One extra pointer dereference. JIT inlines push(), eliminating the indirection.

In steady state: zero perf cost.

In interpreted mode: 1 extra cycle per call.


Interface dispatch in Go

Go interfaces use a different mechanism than Java's vtables. An interface variable is (type_pointer, value_pointer) — a "fat pointer."

Cost

Calling a method on an interface in Go: 1. Load type_pointer. 2. Look up method in itable (interface table). 3. Indirect call.

~3-5 cycles, similar to Java's virtual call.

Devirtualization

Pre-Go-1.21: very limited. PGO (1.21+) enables it for hot sites.

Implication

Replacing direct struct calls with interface-based calls in Go has a real perf cost. Use sparingly in hot loops; prefer concrete types or generics for performance-critical code.


Method dispatch in Python

Every Python method call: 1. Look up obj.method in the MRO. 2. Build a bound method object. 3. Call.

Cost: ~100-500 ns per call. CPython has no JIT.

PyPy

PyPy's tracing JIT inlines polymorphic methods aggressively when the call site is monomorphic. Refactorings in this category have small relative cost in PyPy.

Implication

CPython refactorings should consider: - Each Pull Up Method adds no cost. - Each Push Down Method adds no cost. - Avoiding deep MRO chains helps if you're seeing slow attribute access.


Layout and cache locality

Java

Object layout is JVM-specific. Generally: - Header (12-16 bytes). - Fields ordered by JVM heuristic (often largest first to align). - Padding for 8-byte alignment.

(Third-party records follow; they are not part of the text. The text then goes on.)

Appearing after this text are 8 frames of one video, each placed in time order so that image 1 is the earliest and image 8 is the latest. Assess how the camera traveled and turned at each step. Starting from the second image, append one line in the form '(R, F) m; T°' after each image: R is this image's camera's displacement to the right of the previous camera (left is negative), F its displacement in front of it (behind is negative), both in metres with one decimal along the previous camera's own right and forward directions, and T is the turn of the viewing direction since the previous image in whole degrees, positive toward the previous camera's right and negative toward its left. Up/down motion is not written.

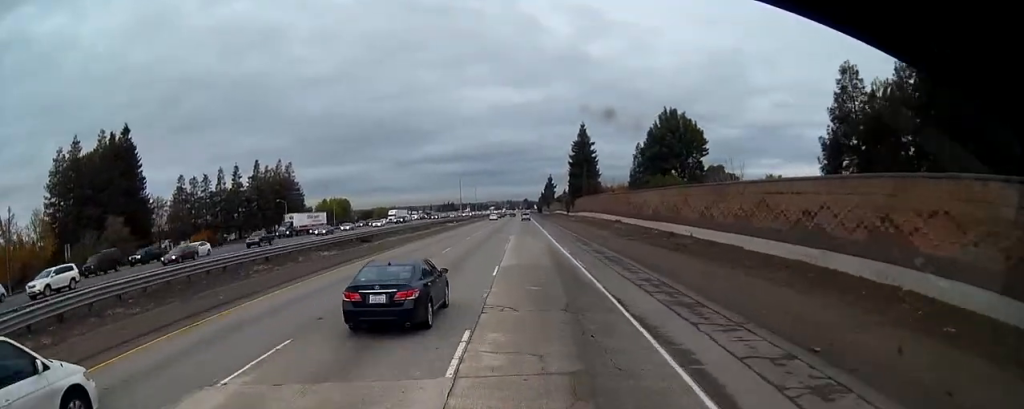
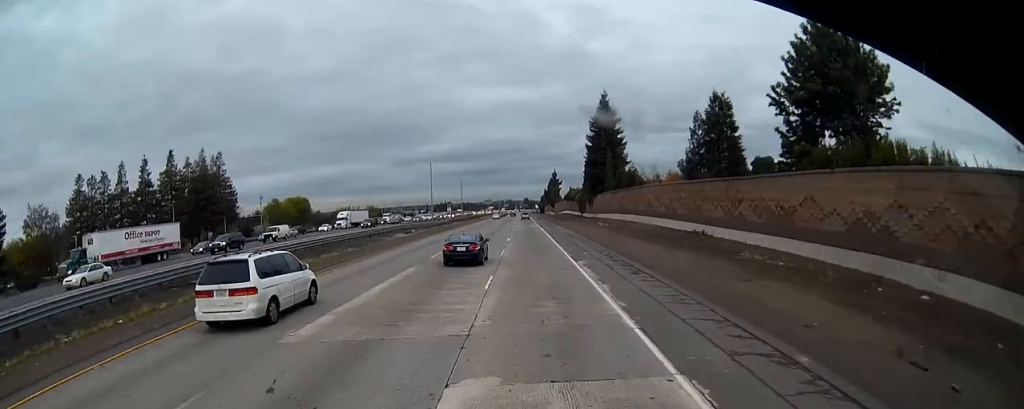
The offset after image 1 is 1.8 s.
(+0.7, +48.1) m; +1°
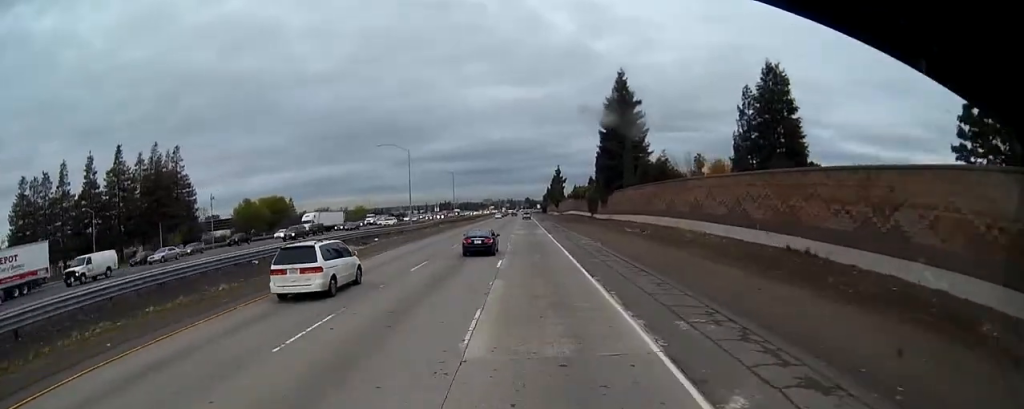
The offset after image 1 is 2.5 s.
(-0.3, +21.1) m; 0°
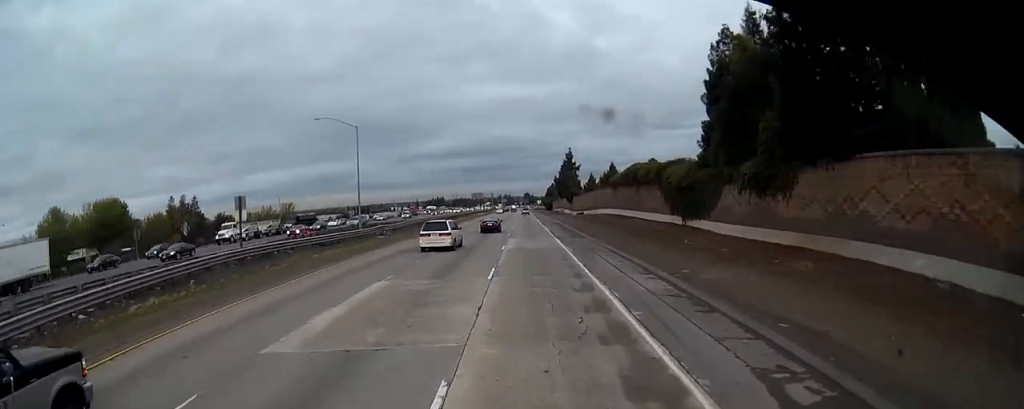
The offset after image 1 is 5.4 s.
(+0.2, +79.5) m; 0°
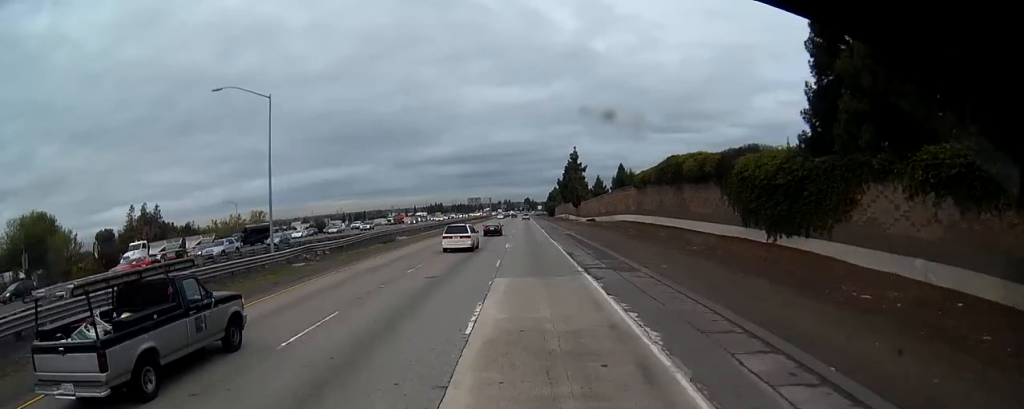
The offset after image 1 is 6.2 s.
(-0.2, +21.4) m; 0°
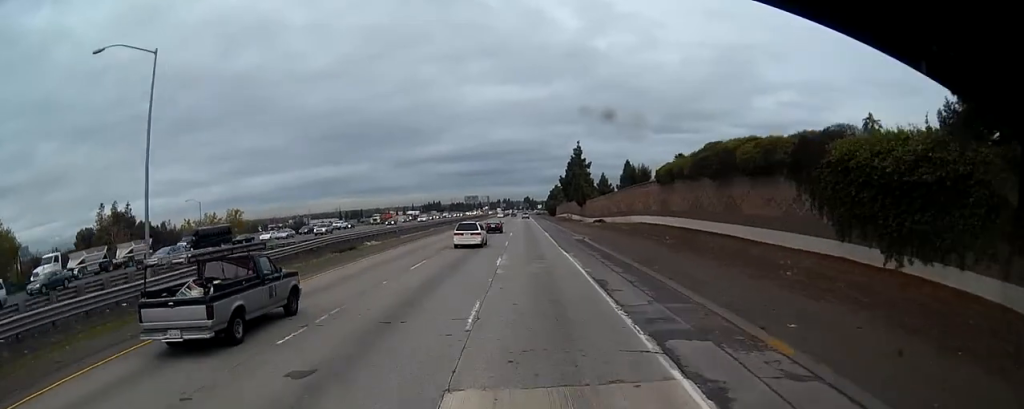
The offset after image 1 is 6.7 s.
(0.0, +13.9) m; 0°
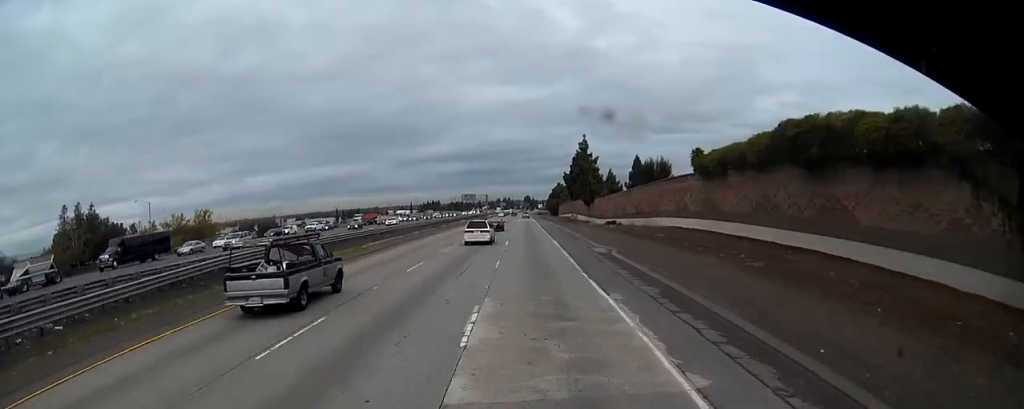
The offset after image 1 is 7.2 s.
(0.0, +15.8) m; 0°
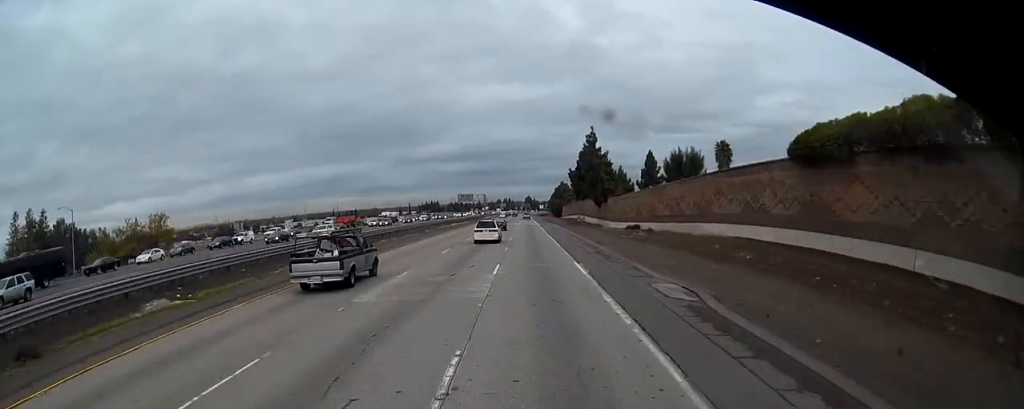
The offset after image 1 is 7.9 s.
(+0.1, +18.6) m; 0°

Pull Up Field changes which class owns the field, but layout is determined per-class. Subclass instances inherit parent fields; layout extends the parent's.

Go

Struct layout is declared (Go doesn't reorder). Embedded structs are inlined into the outer struct.

type Animal struct { name string }
type Dog struct {
    Animal       // embedded, inlined
    breed string
}

Dog is [Animal | breed] — contiguous. Excellent cache locality.

When Pull Up Field hurts cache locality

Pulling up a field used only by one subclass means all instances of all subclasses have the field. If subclasses are common but the field is rarely used, you've widened every instance.

Example:

abstract class Animal {
    String name;
    String breed;   // only Dogs have a breed; Cats also carry it
}

Cats waste 4-8 bytes per instance. For 10M Cats, ~80 MB.

Cure

Push the field down to Dog only. Or use Optional<String> (still a reference; same memory cost as String).


Review questions

  1. What's a vtable?
  2. What's an inline cache?
  3. When can JIT devirtualize a virtual call?
  4. What's the cost difference between monomorphic and megamorphic call sites?
  5. How do sealed types help devirtualization?
  6. What's the runtime cost of Replace Inheritance with Delegation?
  7. How does Go's interface dispatch differ from Java's vtable?
  8. What does PGO buy for interface-heavy Go code?
  9. Why does Pull Up Field sometimes hurt cache locality?
  10. How does PyPy reduce the cost of OO dispatch in Python?